The sudden exponential increase in log exports from Central Asian countries such as Kazakhstan and Uzbekistan suggests timber is being routed from Russia across the region on its journey to Europe. This enables Russian companies to obfuscate the illegal origins of their timber while still generating wealth for the Russian economy and its $12 billion wood industry.

Efforts by Russian companies to ‘mask’ the ultimate origin of their timber increases the risk for EU importers who, pursuant to the post-invasion timber ban and the EU Deforestation Regulation, are prohibited from importing timber or timber products with inputs sourced back to Russia.

Uzbekistan has emerged as a major kingpin in Russia and Belarus's extensive conflict trade - with the former soviet state building extensive railway networks connecting Minsk and Moscow to Beijing. (Photo Credit: Chinese Government)
Kazakhstan and Uzbekistan has emerged as a major kingpin in Russia and Belarus’s extensive conflict trade – with the former soviet state building extensive railway networks connecting Minsk and Moscow to Beijing. (Photo Credit: Chinese Government)

But Russia’s ‘back-door’ trade activities in the region could soon be thwarted … by India, which has signed a 10-year contract to develop and operate the strategic Iranian port of Chabahar, recognised as the gateway to landlocked Afghanistan and energy-rich Central Asia and is the closest Iranian port to India.
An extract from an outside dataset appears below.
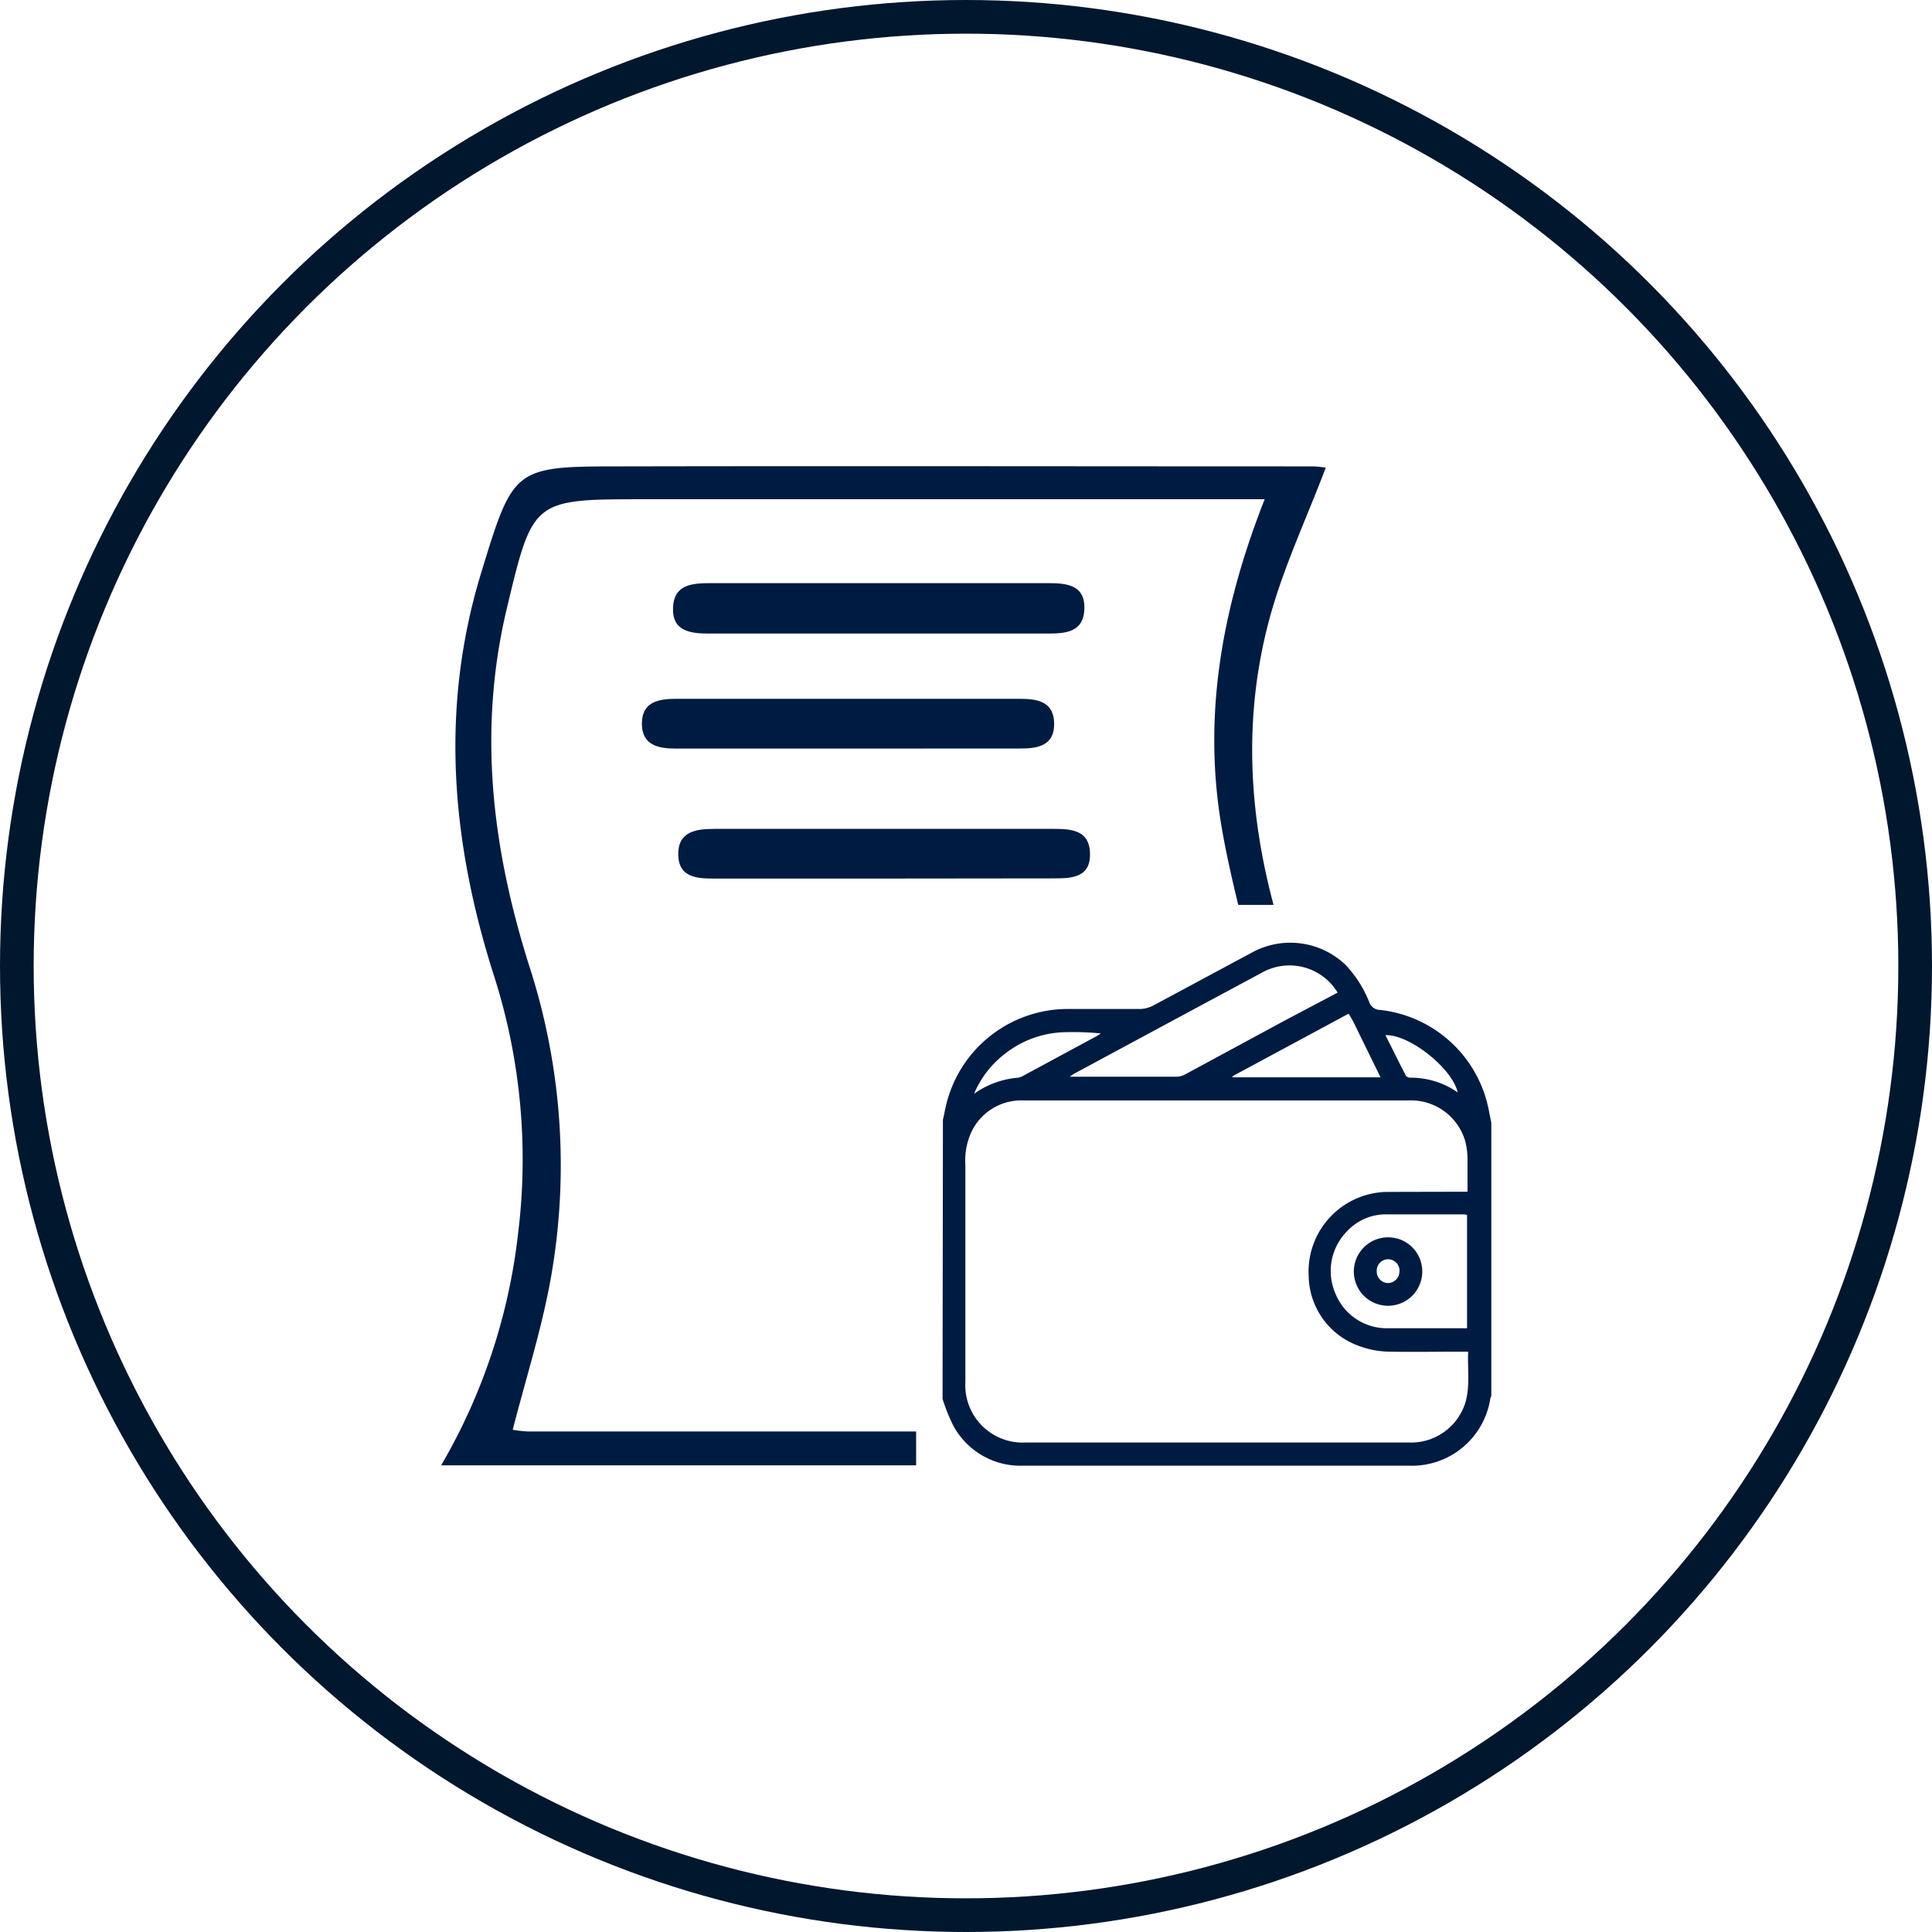 <svg xmlns="http://www.w3.org/2000/svg" viewBox="0 0 213.46 213.46"><defs><style>.cls-1{fill:#001b41;}.cls-2{fill:none;stroke:#00172d;stroke-miterlimit:10;stroke-width:3.72px;}</style></defs><title>krug-racuni-placanja</title><g id="Layer_2" data-name="Layer 2"><g id="Layer_1-2" data-name="Layer 1"><path class="cls-1" d="M104.18,123.69c.12-.42.18-.85.28-1.28a13.84,13.84,0,0,1,13.24-10.93c2.76,0,5.52,0,8.27,0a3.34,3.34,0,0,0,1.48-.4c3.74-2,7.44-4,11.18-6a8.84,8.84,0,0,1,10,1.49,12.84,12.84,0,0,1,2.66,4.17,1.26,1.26,0,0,0,1.16.84,13.78,13.78,0,0,1,12.09,11.34c.07.38.16.76.23,1.14v30.1c0,.12-.09.24-.11.37a8.76,8.76,0,0,1-8.93,7.41H145.1q-16.07,0-32.13,0a8.42,8.42,0,0,1-7.67-4.48,20.38,20.38,0,0,1-1.16-2.9m58-22.89c0-1.29,0-2.48,0-3.68a8.05,8.05,0,0,0-.28-2,6.24,6.24,0,0,0-6.1-4.41H138.9c-8.65,0-17.3,0-25.95,0a6.09,6.09,0,0,0-5.67,3.59,7.51,7.51,0,0,0-.62,3.53q0,12,0,24a6.34,6.34,0,0,0,6.62,6.68h42.44a6.28,6.28,0,0,0,6.18-4.4c.54-1.84.23-3.72.31-5.64-.29,0-.51,0-.72,0-2.67,0-5.34.05-8,0a9.85,9.85,0,0,1-3.2-.58,8.36,8.36,0,0,1-5.7-7.78,8.81,8.81,0,0,1,8.9-9.29Zm-14.35-22a6.21,6.21,0,0,0-8.3-2.24q-10.41,5.59-20.81,11.2c-.14.08-.26.17-.49.33l.38,0c3.83,0,7.66,0,11.49,0a2.09,2.09,0,0,0,.93-.28l11.1-6Zm14.3,24.56a1.83,1.83,0,0,0-.35-.06c-2.91,0-5.83,0-8.74,0a5.84,5.84,0,0,0-4.15,1.85,6.23,6.23,0,0,0-1.29,6.93,6.11,6.11,0,0,0,5.86,3.8c2.36,0,4.72,0,7.09,0h1.58ZM149,112l-12.85,6.92.06.11h16.32l-3-6.13C149.35,112.57,149.19,112.29,149,112Zm-41.37,8.84a9.74,9.74,0,0,1,4.87-1.77,2,2,0,0,0,.66-.27l8-4.32c.16-.09.32-.2.47-.3a31.33,31.33,0,0,0-3.74-.14,11.11,11.11,0,0,0-6.82,2.36A10.94,10.94,0,0,0,107.64,120.8Zm53.44-.09c-.56-2.67-5.33-6.48-8-6.38.76,1.5,1.49,3,2.25,4.46a.61.61,0,0,0,.48.24A9.07,9.07,0,0,1,161.08,120.71Z"/><path class="cls-1" d="M157.14,140.47a3.78,3.78,0,1,1-3.82-3.76A3.76,3.76,0,0,1,157.14,140.47Zm-2.52.06a1.26,1.26,0,1,0-2.51-.06,1.27,1.27,0,0,0,1.23,1.29A1.29,1.29,0,0,0,154.62,140.53Z"/><path class="cls-1" d="M101.22,158.16H58.3a14.87,14.87,0,0,1-1.65-.19c1.45-5.67,3.21-11.15,4.21-16.76a71.35,71.35,0,0,0-2.38-34.47c-4.11-13-5.7-26-2.49-39.48,2.89-12.09,2.84-12.1,15.23-12.1q32.15,0,64.27,0h4.24c-4.85,12.32-6.88,24.3-4.69,36.61.49,2.76,1.11,5.49,1.77,8.21h3.9c-2.77-10.38-3.31-20.89-.5-31.43,1.53-5.75,4.13-11.22,6.27-16.88a11,11,0,0,0-1.47-.14c-25.47,0-50.93-.05-76.4,0-11.86,0-11.89.11-15.45,11.77-4.6,15.05-3.27,29.91,1.47,44.67a66.52,66.52,0,0,1,2.62,28.24,65.26,65.26,0,0,1-8.51,25.69h52.48Z"/><path class="cls-1" d="M97.65,97.07c-6.27,0-12.54,0-18.8,0-1.93,0-3.85-.17-3.91-2.58-.07-2.59,1.88-2.91,4-2.91q18.8,0,37.6,0c1.93,0,3.8.21,3.89,2.63.11,2.71-1.92,2.85-4,2.84Z"/><path class="cls-1" d="M96.84,70c-6.16,0-12.32,0-18.48,0-2.06,0-4.09-.23-4-2.84s2.14-2.73,4.15-2.73q18.65,0,37.3,0c2,0,4.08.17,4,2.83S117.65,70,115.67,70Z"/><path class="cls-1" d="M93.86,82.71c-6.38,0-12.76,0-19.15,0-2,0-3.79-.38-3.79-2.76s1.79-2.74,3.78-2.74q19,0,38,0c2,0,3.75.34,3.77,2.76s-1.82,2.74-3.76,2.73Z"/><circle class="cls-2" cx="106.73" cy="106.73" r="104.87"/></g></g></svg>

A deep-water port in the Sistan-Baluchis province of Iran, it is the closest Iranian port to India.

Under the long-term deal between India Ports Global Ltd and the Ports and Maritime Organisation of Iran, New Delhi is set to invest about $120 million in equipping the port and has also offered Tehran a credit window of $250 million with the aim of improving project-related infrastructure, taking the total contract value to $370 million. The landmark deal replaces a 2016 pact that was being renewed on an annual basis.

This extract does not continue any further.